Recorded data
__________
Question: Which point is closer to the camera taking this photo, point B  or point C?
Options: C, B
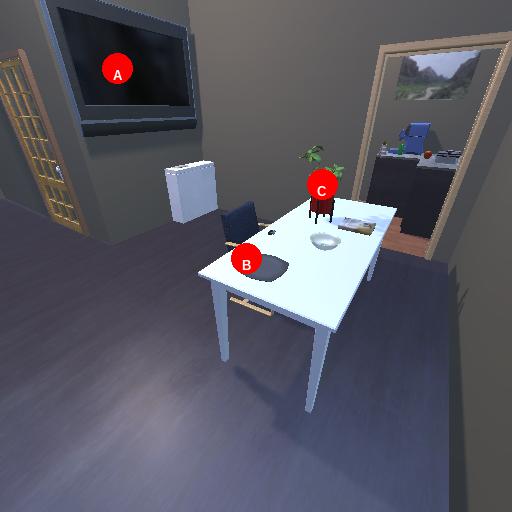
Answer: C
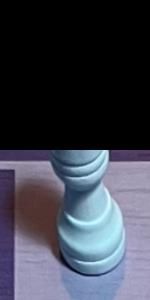
Label: Rook_White
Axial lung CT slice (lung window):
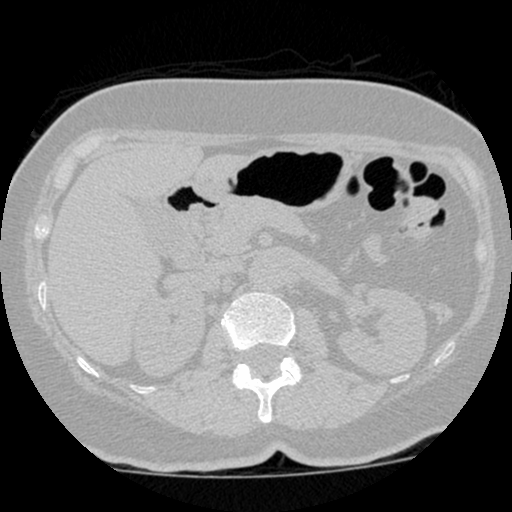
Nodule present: no
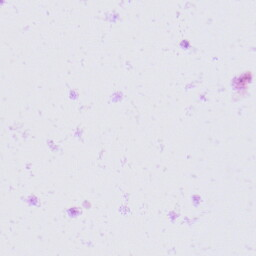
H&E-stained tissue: Prostate
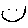
Label: smiley face
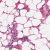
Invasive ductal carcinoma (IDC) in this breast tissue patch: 0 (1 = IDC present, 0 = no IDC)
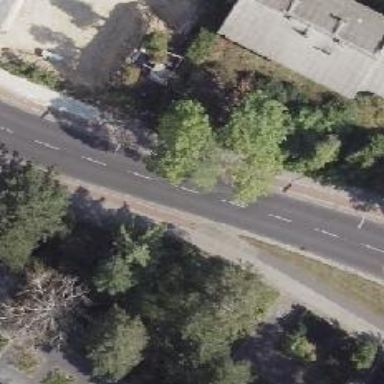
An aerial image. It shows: Paved footway with sett surface. There is also asphalt cycleway.
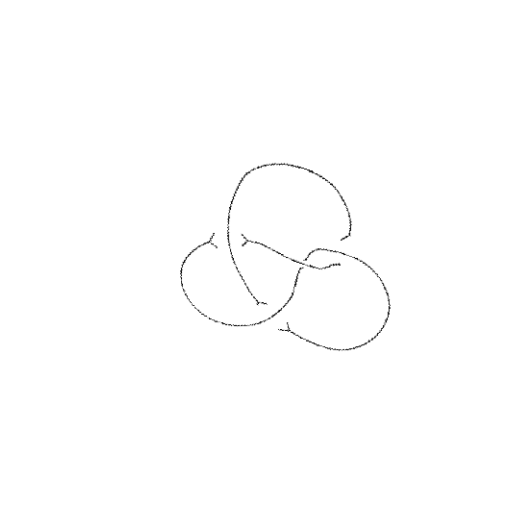
Crossing number: 4
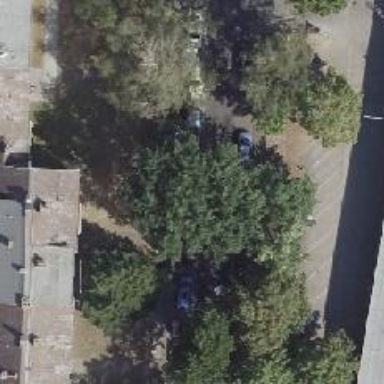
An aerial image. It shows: Deciduous broadleaved tree. There is parking obstacle nearby.
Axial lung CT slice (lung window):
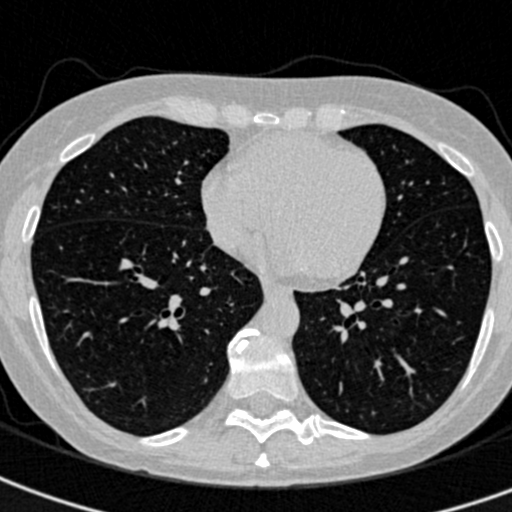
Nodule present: no
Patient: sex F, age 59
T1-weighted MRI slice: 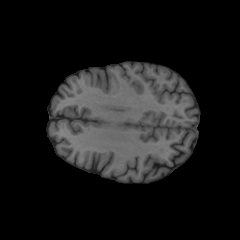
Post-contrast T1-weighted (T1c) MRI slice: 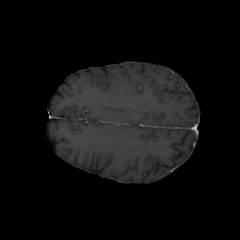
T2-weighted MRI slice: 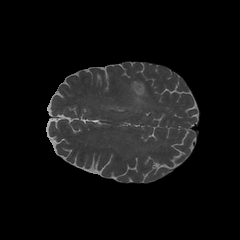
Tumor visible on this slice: yes
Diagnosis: Glioblastoma, IDH-wildtype
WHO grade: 4
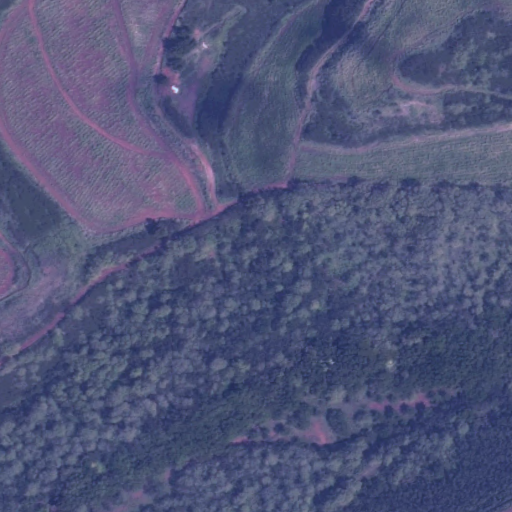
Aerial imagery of valley in Hawaii named Waikoloi Gulch containing only unknown
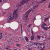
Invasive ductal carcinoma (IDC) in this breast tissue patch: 1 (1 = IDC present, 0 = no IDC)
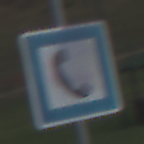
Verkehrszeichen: Fernsprecher
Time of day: SunriseSunset
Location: Outdoor (RoadRail)
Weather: PartlyCloudy
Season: NotSpecified
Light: Natural
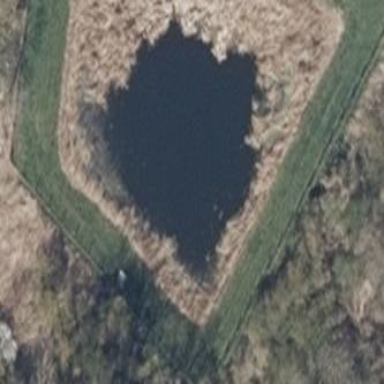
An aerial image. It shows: Pond surrounded by natural water.
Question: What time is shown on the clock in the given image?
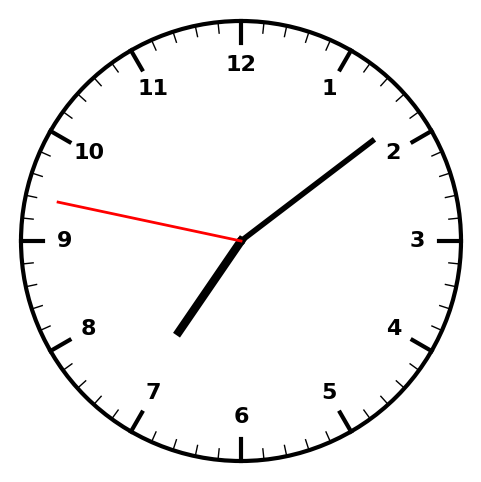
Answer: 07:08:47
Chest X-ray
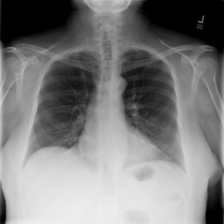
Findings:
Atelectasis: negative
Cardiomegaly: negative
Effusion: negative
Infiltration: positive
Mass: negative
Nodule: negative
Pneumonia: negative
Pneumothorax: negative
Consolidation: negative
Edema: negative
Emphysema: negative
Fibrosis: negative
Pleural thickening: negative
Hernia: negative
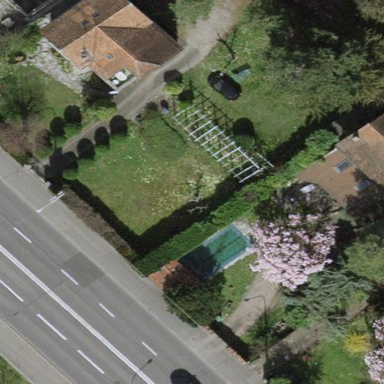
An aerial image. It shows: Garden surrounded by fence.
__________
INSTRUCTIONS FOR THE TASK:
Every line of the data is to be transcribed exactly, and no picture is to be included.

EXERCISE SOLUTION:
Question: Which point is closer to the camera taking this photo, point B  or point C?
Options: C, B
Answer: C
Label: Rook_White
Axial lung CT slice (lung window):
Nodule present: no
H&E-stained tissue: Prostate
Label: smiley face
Invasive ductal carcinoma (IDC) in this breast tissue patch: 0 (1 = IDC present, 0 = no IDC)
An aerial image. It shows: Paved footway with sett surface. There is also asphalt cycleway.
Crossing number: 4
An aerial image. It shows: Deciduous broadleaved tree. There is parking obstacle nearby.
Axial lung CT slice (lung window):
Nodule present: no
Patient: sex F, age 59
T1-weighted MRI slice: 
Post-contrast T1-weighted (T1c) MRI slice: 
T2-weighted MRI slice: 
Tumor visible on this slice: yes
Diagnosis: Glioblastoma, IDH-wildtype
WHO grade: 4
Aerial imagery of valley in Hawaii named Waikoloi Gulch containing only unknown
Invasive ductal carcinoma (IDC) in this breast tissue patch: 1 (1 = IDC present, 0 = no IDC)
Verkehrszeichen: Fernsprecher
Time of day: SunriseSunset
Location: Outdoor (RoadRail)
Weather: PartlyCloudy
Season: NotSpecified
Light: Natural
An aerial image. It shows: Pond surrounded by natural water.
Question: What time is shown on the clock in the given image?
Answer: 07:08:47
Chest X-ray
Findings:
Atelectasis: negative
Cardiomegaly: negative
Effusion: negative
Infiltration: positive
Mass: negative
Nodule: negative
Pneumonia: negative
Pneumothorax: negative
Consolidation: negative
Edema: negative
Emphysema: negative
Fibrosis: negative
Pleural thickening: negative
Hernia: negative
An aerial image. It shows: Garden surrounded by fence.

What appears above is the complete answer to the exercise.